> **Work order**:
Determine how many lines in the records below contain "evenodd", then state that number alone.

> **Dataset extract**:
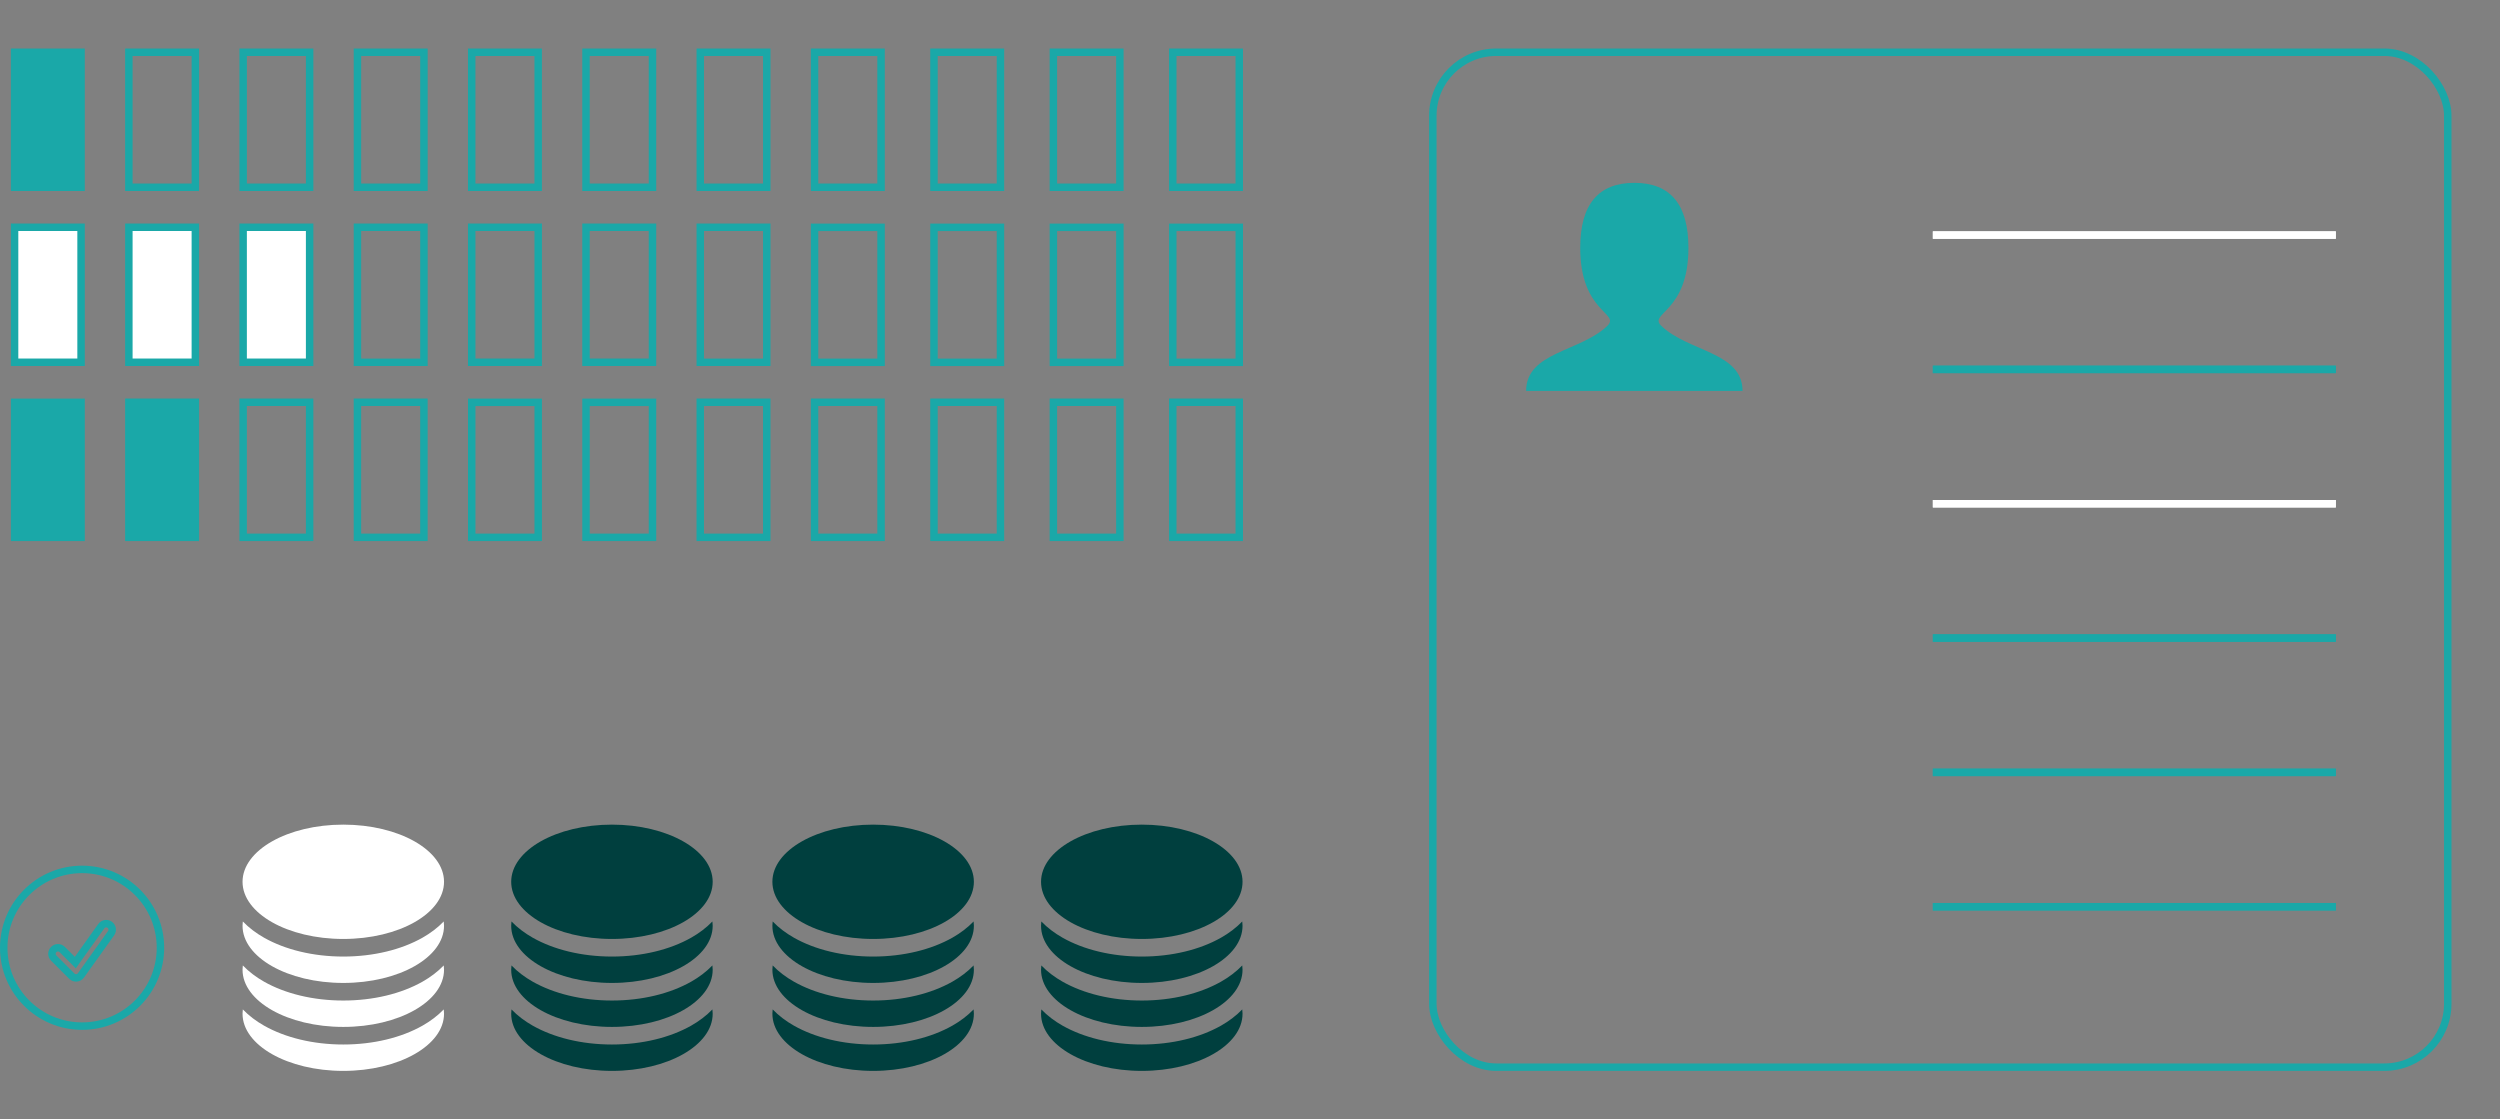 <svg width="335" height="150" viewBox="0 0 335 150" fill="none" xmlns="http://www.w3.org/2000/svg">
<rect x="0" y="0" width="335" height="150" fill="#808080" stroke="none"/>
<rect x="10.861" y="7" width="18.091" height="8.909" transform="rotate(90 10.861 7)" fill="#1AA8A8" stroke="#1AA8A8"/>
<rect x="10.863" y="53.91" width="18.091" height="8.909" transform="rotate(90 10.863 53.91)" fill="#1AA8A8" stroke="#1AA8A8"/>
<rect x="26.176" y="7" width="18.091" height="8.909" transform="rotate(90 26.176 7)" stroke="#1AA8A8"/>
<rect x="26.176" y="53.908" width="18.091" height="8.909" transform="rotate(90 26.176 53.908)" fill="#1AA8A8" stroke="#1AA8A8"/>
<rect x="41.492" y="7" width="18.091" height="8.909" transform="rotate(90 41.492 7)" stroke="#1AA8A8"/>
<rect x="10.863" y="30.455" width="18.091" height="8.909" transform="rotate(90 10.863 30.455)" fill="white" stroke="#1AA8A8"/>
<rect x="26.176" y="30.455" width="18.091" height="8.909" transform="rotate(90 26.176 30.455)" fill="white" stroke="#1AA8A8"/>
<rect x="41.49" y="30.453" width="18.091" height="8.909" transform="rotate(90 41.49 30.453)" fill="white" stroke="#1AA8A8"/>
<rect x="41.49" y="53.908" width="18.091" height="8.909" transform="rotate(90 41.49 53.908)" stroke="#1AA8A8"/>
<rect x="56.807" y="7.002" width="18.091" height="8.909" transform="rotate(90 56.807 7.002)" stroke="#1AA8A8"/>
<rect x="56.807" y="30.457" width="18.091" height="8.909" transform="rotate(90 56.807 30.457)" stroke="#1AA8A8"/>
<rect x="56.805" y="53.908" width="18.091" height="8.909" transform="rotate(90 56.805 53.908)" stroke="#1AA8A8"/>
<rect x="72.117" y="7" width="18.091" height="8.909" transform="rotate(90 72.117 7)" stroke="#1AA8A8"/>
<rect x="72.119" y="30.455" width="18.091" height="8.909" transform="rotate(90 72.119 30.455)" stroke="#1AA8A8"/>
<rect x="72.121" y="53.91" width="18.091" height="8.909" transform="rotate(90 72.121 53.91)" stroke="#1AA8A8"/>
<rect x="87.432" y="7" width="18.091" height="8.909" transform="rotate(90 87.432 7)" stroke="#1AA8A8"/>
<rect x="87.432" y="30.455" width="18.091" height="8.909" transform="rotate(90 87.432 30.455)" stroke="#1AA8A8"/>
<rect x="87.434" y="53.91" width="18.091" height="8.909" transform="rotate(90 87.434 53.91)" stroke="#1AA8A8"/>
<rect x="102.746" y="7" width="18.091" height="8.909" transform="rotate(90 102.746 7)" stroke="#1AA8A8"/>
<rect x="102.746" y="30.457" width="18.091" height="8.909" transform="rotate(90 102.746 30.457)" stroke="#1AA8A8"/>
<rect x="102.744" y="53.908" width="18.091" height="8.909" transform="rotate(90 102.744 53.908)" stroke="#1AA8A8"/>
<rect x="118.061" y="7" width="18.091" height="8.909" transform="rotate(90 118.061 7)" stroke="#1AA8A8"/>
<rect x="118.062" y="30.459" width="18.091" height="8.909" transform="rotate(90 118.062 30.459)" stroke="#1AA8A8"/>
<rect x="118.061" y="53.908" width="18.091" height="8.909" transform="rotate(90 118.061 53.908)" stroke="#1AA8A8"/>
<rect x="134.061" y="7" width="18.091" height="8.909" transform="rotate(90 134.061 7)" stroke="#1AA8A8"/>
<rect x="134.062" y="30.459" width="18.091" height="8.909" transform="rotate(90 134.062 30.459)" stroke="#1AA8A8"/>
<rect x="134.061" y="53.908" width="18.091" height="8.909" transform="rotate(90 134.061 53.908)" stroke="#1AA8A8"/>
<rect x="150.061" y="7" width="18.091" height="8.909" transform="rotate(90 150.061 7)" stroke="#1AA8A8"/>
<rect x="150.062" y="30.459" width="18.091" height="8.909" transform="rotate(90 150.062 30.459)" stroke="#1AA8A8"/>
<rect x="150.061" y="53.908" width="18.091" height="8.909" transform="rotate(90 150.061 53.908)" stroke="#1AA8A8"/>
<rect x="166.061" y="7" width="18.091" height="8.909" transform="rotate(90 166.061 7)" stroke="#1AA8A8"/>
<rect x="166.062" y="30.459" width="18.091" height="8.909" transform="rotate(90 166.062 30.459)" stroke="#1AA8A8"/>
<rect x="166.061" y="53.908" width="18.091" height="8.909" transform="rotate(90 166.061 53.908)" stroke="#1AA8A8"/>
<path fill-rule="evenodd" clip-rule="evenodd" d="M0.5 127C0.5 121.201 5.201 116.5 11 116.5C16.799 116.5 21.5 121.201 21.5 127C21.5 132.799 16.799 137.5 11 137.5C5.201 137.5 0.5 132.799 0.5 127ZM14.888 125.046C15.147 124.683 15.063 124.179 14.7 123.92C14.337 123.66 13.833 123.744 13.573 124.107L10.089 128.985L8.34 127.237C8.025 126.921 7.514 126.921 7.198 127.237C6.883 127.552 6.883 128.063 7.198 128.379L9.621 130.802C9.789 130.97 10.022 131.055 10.259 131.036C10.495 131.016 10.712 130.893 10.85 130.7L14.888 125.046Z" stroke="#1AA8A8"/>
<path d="M59.5 118.161C59.5 122.392 53.456 125.821 46 125.821C38.544 125.821 32.5 122.392 32.5 118.161C32.5 113.93 38.544 110.5 46 110.5C53.456 110.5 59.5 113.93 59.5 118.161Z" fill="white"/>
<path d="M46 128.179C50.028 128.179 53.786 127.257 56.618 125.65C57.653 125.063 58.637 124.335 59.462 123.475C59.487 123.666 59.5 123.859 59.5 124.054C59.5 128.284 53.456 131.714 46 131.714C38.544 131.714 32.5 128.284 32.5 124.054C32.5 123.859 32.513 123.666 32.538 123.475C33.363 124.335 34.347 125.063 35.382 125.65C38.214 127.257 41.972 128.179 46 128.179Z" fill="white"/>
<path d="M46 134.071C50.028 134.071 53.786 133.15 56.618 131.543C57.653 130.956 58.637 130.228 59.462 129.368C59.487 129.559 59.5 129.752 59.5 129.946C59.5 134.177 53.456 137.607 46 137.607C38.544 137.607 32.5 134.177 32.5 129.946C32.5 129.752 32.513 129.559 32.538 129.368C33.363 130.228 34.347 130.956 35.382 131.543C38.214 133.15 41.972 134.071 46 134.071Z" fill="white"/>
<path d="M46 139.964C50.028 139.964 53.786 139.043 56.618 137.436C57.653 136.849 58.637 136.121 59.462 135.261C59.487 135.452 59.5 135.645 59.5 135.839C59.5 140.07 53.456 143.5 46 143.5C38.544 143.5 32.5 140.07 32.5 135.839C32.5 135.645 32.513 135.452 32.538 135.261C33.363 136.121 34.347 136.849 35.382 137.436C38.214 139.043 41.972 139.964 46 139.964Z" fill="white"/>
<path d="M95.5 118.161C95.5 122.392 89.456 125.821 82 125.821C74.544 125.821 68.5 122.392 68.5 118.161C68.5 113.93 74.544 110.5 82 110.5C89.456 110.5 95.5 113.93 95.5 118.161Z" fill="#003F3E"/>
<path d="M82 128.179C86.028 128.179 89.786 127.257 92.618 125.65C93.653 125.063 94.637 124.335 95.462 123.475C95.487 123.666 95.5 123.859 95.5 124.054C95.5 128.284 89.456 131.714 82 131.714C74.544 131.714 68.5 128.284 68.5 124.054C68.5 123.859 68.513 123.666 68.538 123.475C69.363 124.335 70.347 125.063 71.382 125.65C74.214 127.257 77.972 128.179 82 128.179Z" fill="#003F3E"/>
<path d="M82 134.071C86.028 134.071 89.786 133.15 92.618 131.543C93.653 130.956 94.637 130.228 95.462 129.368C95.487 129.559 95.5 129.752 95.5 129.946C95.5 134.177 89.456 137.607 82 137.607C74.544 137.607 68.5 134.177 68.5 129.946C68.5 129.752 68.513 129.559 68.538 129.368C69.363 130.228 70.347 130.956 71.382 131.543C74.214 133.15 77.972 134.071 82 134.071Z" fill="#003F3E"/>
<path d="M82 139.964C86.028 139.964 89.786 139.043 92.618 137.436C93.653 136.849 94.637 136.121 95.462 135.261C95.487 135.452 95.5 135.645 95.5 135.839C95.5 140.07 89.456 143.5 82 143.5C74.544 143.5 68.5 140.07 68.5 135.839C68.5 135.645 68.513 135.452 68.538 135.261C69.363 136.121 70.347 136.849 71.382 137.436C74.214 139.043 77.972 139.964 82 139.964Z" fill="#003F3E"/>
<path d="M130.5 118.161C130.5 122.392 124.456 125.821 117 125.821C109.544 125.821 103.5 122.392 103.5 118.161C103.5 113.93 109.544 110.5 117 110.5C124.456 110.5 130.5 113.93 130.5 118.161Z" fill="#003F3E"/>
<path d="M117 128.179C121.028 128.179 124.786 127.257 127.618 125.65C128.653 125.063 129.637 124.335 130.462 123.475C130.487 123.666 130.5 123.859 130.5 124.054C130.5 128.284 124.456 131.714 117 131.714C109.544 131.714 103.5 128.284 103.5 124.054C103.5 123.859 103.513 123.666 103.538 123.475C104.363 124.335 105.347 125.063 106.382 125.65C109.214 127.257 112.972 128.179 117 128.179Z" fill="#003F3E"/>
<path d="M117 134.071C121.028 134.071 124.786 133.15 127.618 131.543C128.653 130.956 129.637 130.228 130.462 129.368C130.487 129.559 130.5 129.752 130.5 129.946C130.5 134.177 124.456 137.607 117 137.607C109.544 137.607 103.5 134.177 103.5 129.946C103.5 129.752 103.513 129.559 103.538 129.368C104.363 130.228 105.347 130.956 106.382 131.543C109.214 133.15 112.972 134.071 117 134.071Z" fill="#003F3E"/>
<path d="M117 139.964C121.028 139.964 124.786 139.043 127.618 137.436C128.653 136.849 129.637 136.121 130.462 135.261C130.487 135.452 130.5 135.645 130.5 135.839C130.5 140.07 124.456 143.5 117 143.5C109.544 143.5 103.5 140.07 103.5 135.839C103.5 135.645 103.513 135.452 103.538 135.261C104.363 136.121 105.347 136.849 106.382 137.436C109.214 139.043 112.972 139.964 117 139.964Z" fill="#003F3E"/>
<path d="M166.5 118.161C166.5 122.392 160.456 125.821 153 125.821C145.544 125.821 139.5 122.392 139.5 118.161C139.5 113.93 145.544 110.5 153 110.5C160.456 110.5 166.5 113.93 166.5 118.161Z" fill="#003F3E"/>
<path d="M153 128.179C157.028 128.179 160.786 127.257 163.618 125.65C164.653 125.063 165.637 124.335 166.462 123.475C166.487 123.666 166.5 123.859 166.5 124.054C166.5 128.284 160.456 131.714 153 131.714C145.544 131.714 139.5 128.284 139.5 124.054C139.5 123.859 139.513 123.666 139.538 123.475C140.363 124.335 141.347 125.063 142.382 125.65C145.214 127.257 148.972 128.179 153 128.179Z" fill="#003F3E"/>
<path d="M153 134.071C157.028 134.071 160.786 133.15 163.618 131.543C164.653 130.956 165.637 130.228 166.462 129.368C166.487 129.559 166.5 129.752 166.5 129.946C166.5 134.177 160.456 137.607 153 137.607C145.544 137.607 139.5 134.177 139.5 129.946C139.5 129.752 139.513 129.559 139.538 129.368C140.363 130.228 141.347 130.956 142.382 131.543C145.214 133.15 148.972 134.071 153 134.071Z" fill="#003F3E"/>
<path d="M153 139.964C157.028 139.964 160.786 139.043 163.618 137.436C164.653 136.849 165.637 136.121 166.462 135.261C166.487 135.452 166.5 135.645 166.5 135.839C166.5 140.07 160.456 143.5 153 143.5C145.544 143.5 139.5 140.07 139.5 135.839C139.5 135.645 139.513 135.452 139.538 135.261C140.363 136.121 141.347 136.849 142.382 137.436C145.214 139.043 148.972 139.964 153 139.964Z" fill="#003F3E"/>
<rect x="192" y="7" width="136" height="136" rx="8.5" stroke="#1AA8A8"/>
<path fill-rule="evenodd" clip-rule="evenodd" d="M204.5 52.385C204.5 47.157 211.75 47.157 215.375 43.671C217.188 41.928 211.75 41.928 211.75 33.214C211.75 27.405 214.166 24.5 219 24.5C223.834 24.5 226.25 27.405 226.25 33.214C226.25 41.928 220.812 41.928 222.625 43.671C226.25 47.157 233.5 47.157 233.5 52.385" fill="#1AA8A8"/>
<path d="M259 31.5H286H313" stroke="white"/>
<path d="M259 31.5H286H313" stroke="white"/>
<path d="M259 49.5H286H313" stroke="#1AA8A8"/>
<path d="M259 49.5H286H313" stroke="#1AA8A8"/>
<path d="M259 67.5H286H313" stroke="white"/>
<path d="M259 67.5H286H313" stroke="white"/>
<path d="M259 85.5H286H313" stroke="#1AA8A8"/>
<path d="M259 85.5H286H313" stroke="#1AA8A8"/>
<path d="M259 103.5H286H313" stroke="#1AA8A8"/>
<path d="M259 103.5H286H313" stroke="#1AA8A8"/>
<path d="M259 121.5H286H313" stroke="#1AA8A8"/>
<path d="M259 121.5H286H313" stroke="#1AA8A8"/>
</svg>

> **Exercise output**:
2